Postmodernliğin alamet-i farikası olan esneklik, bu sürecin en görünür karakteri. Eskiden “asla” denilen ne varsa, şimdi “Aa! bu da mı mümkün?” halini almış durumda. Söylemler yer değiştirdi, pozisyonlar yeniden kuruldu, tabular yıkıldı. Dost ve Düşmanlar yer değiştirdi, yeniden tanımlandı ya da öyle gösterilmek isteniyor.
Bu minvalde iki özne öne çıkıyor: Devlet Bahçeli ve Abdullah Öcalan. Bahçeli, bir zamanlar “bölücübaşı” dediği Öcalan için artık “çözümün kilidi” diyebiliyor; Öcalan’ı PKK’nin “kurucu önderi” olarak anıyor, hatta özgür kalmasından söz edebiliyor. Öcalan ise daha önce “en son adım” dediği silah bırakmayı şimdi sürecin başına çekiyor. Özerklik, federasyon gibi kavramlardan neredeyse söz etmiyor. Kürt meselesinin resmi anlamda üçüncü çözüm ve müzakere girişiminde katı olan her şey buharlaşıyor ve bu yönüyle bir “postmodern barış” sürecine şahitlik ediyoruz.

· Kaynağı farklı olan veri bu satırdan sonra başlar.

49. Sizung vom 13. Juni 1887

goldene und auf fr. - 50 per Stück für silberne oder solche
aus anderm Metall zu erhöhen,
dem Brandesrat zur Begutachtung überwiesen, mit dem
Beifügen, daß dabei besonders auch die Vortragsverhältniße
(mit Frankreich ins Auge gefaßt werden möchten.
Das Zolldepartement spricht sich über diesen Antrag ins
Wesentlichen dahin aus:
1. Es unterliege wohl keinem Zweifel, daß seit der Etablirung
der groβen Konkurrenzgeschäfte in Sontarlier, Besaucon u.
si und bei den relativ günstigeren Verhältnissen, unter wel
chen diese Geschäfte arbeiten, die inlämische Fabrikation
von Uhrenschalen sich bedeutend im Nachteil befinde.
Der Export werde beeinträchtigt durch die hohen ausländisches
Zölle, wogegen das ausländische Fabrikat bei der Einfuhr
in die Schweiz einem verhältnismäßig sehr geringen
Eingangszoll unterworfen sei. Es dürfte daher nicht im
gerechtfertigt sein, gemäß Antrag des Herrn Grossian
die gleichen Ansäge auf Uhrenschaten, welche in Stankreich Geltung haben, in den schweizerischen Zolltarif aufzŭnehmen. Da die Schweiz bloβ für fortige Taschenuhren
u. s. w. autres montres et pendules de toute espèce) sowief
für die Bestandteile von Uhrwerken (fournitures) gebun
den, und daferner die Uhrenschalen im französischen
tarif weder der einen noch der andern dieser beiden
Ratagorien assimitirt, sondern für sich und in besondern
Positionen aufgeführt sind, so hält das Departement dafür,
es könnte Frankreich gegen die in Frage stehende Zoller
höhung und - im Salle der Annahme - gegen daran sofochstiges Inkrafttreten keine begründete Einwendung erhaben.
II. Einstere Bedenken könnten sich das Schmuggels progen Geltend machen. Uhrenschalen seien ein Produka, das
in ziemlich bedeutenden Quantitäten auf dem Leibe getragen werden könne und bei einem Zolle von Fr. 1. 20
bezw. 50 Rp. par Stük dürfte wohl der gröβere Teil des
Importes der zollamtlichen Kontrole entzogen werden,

Rasyonel seçim: Özneler hesap yapıyor
Yeni çözüm sürecini postmodern kılan yönlerinden biri de aktörlerin modern dönem barış anlayışlarından değil, yani ilkesel, idealist ve ahlaki güdülerle değil; fayda-maliyet hesabıyla hareket ediyor olması. Erdoğan, Bahçeli ve Öcalan… Ortak bir barış ilkesinde buluşmasalar da, her biri tanımladıkları siyasal çıkarları doğrultusunda bu sürecin bir öznesi olmayı sürdürüyor ve sürece bu maliyet hesapları üzerinden yön ve şekil veriyor.
Örneğin Öcalan artık sadece bir halk önderi değil; aynı zamanda strateji yapan, taktik üreten, rasyonel bir siyasal aktör olarak, yirmi altı yıl sonra ilk kez yeniden konumlanıyor ve Türkiye siyasetine yeniden dahil oluyor. Bu rasyonel akılcılık, son on ayda Kürt siyasetine ne kaybettirdi ne kazandırdı diye sorduğumuzda ise, kazancın bol, kaybın ise neredeyse olmadığını söylemek hiç güç değil. Fakat bu temelde işleyen bir rasyonalizm, Kürt meselesinin gerçekten çözülüp çözülmeyeceğini bize henüz söylemiyor. Çünkü bu rasyonalizmde Kürt halkının bir kollektif varlık olmaktan doğan hak, hukuk ve özgürlüğünü nasıl elde edeceği sorusu, belki de uzun bir toplumsal zamana yayılmış biçimde bir parantezde bekliyor.
Sonuç olarak yeni çözüm süreci, modern dönemlerin barış ve çözüm süreçlerine hiç benzemiyor. Bu süreç, belirsizlik ve kuralsızlıklar içeriyor, büyük bir barış vaadinde bulunmuyor, aktörlerin esnekliği ve rasyonel faydacılığıyla şekilleniyor. Bu yönleriyle tam anlamıyla postmodern bir barış denemesi. Ve tıpkı postmodernizmin kendisi gibi: Ne tam umut verici, ne de bütünüyle umutsuz… Ama kesin olan bir şey varsa, o da bu sürecin melez, muğlak ve çelişkili bir barış deneyimi sunduğudur.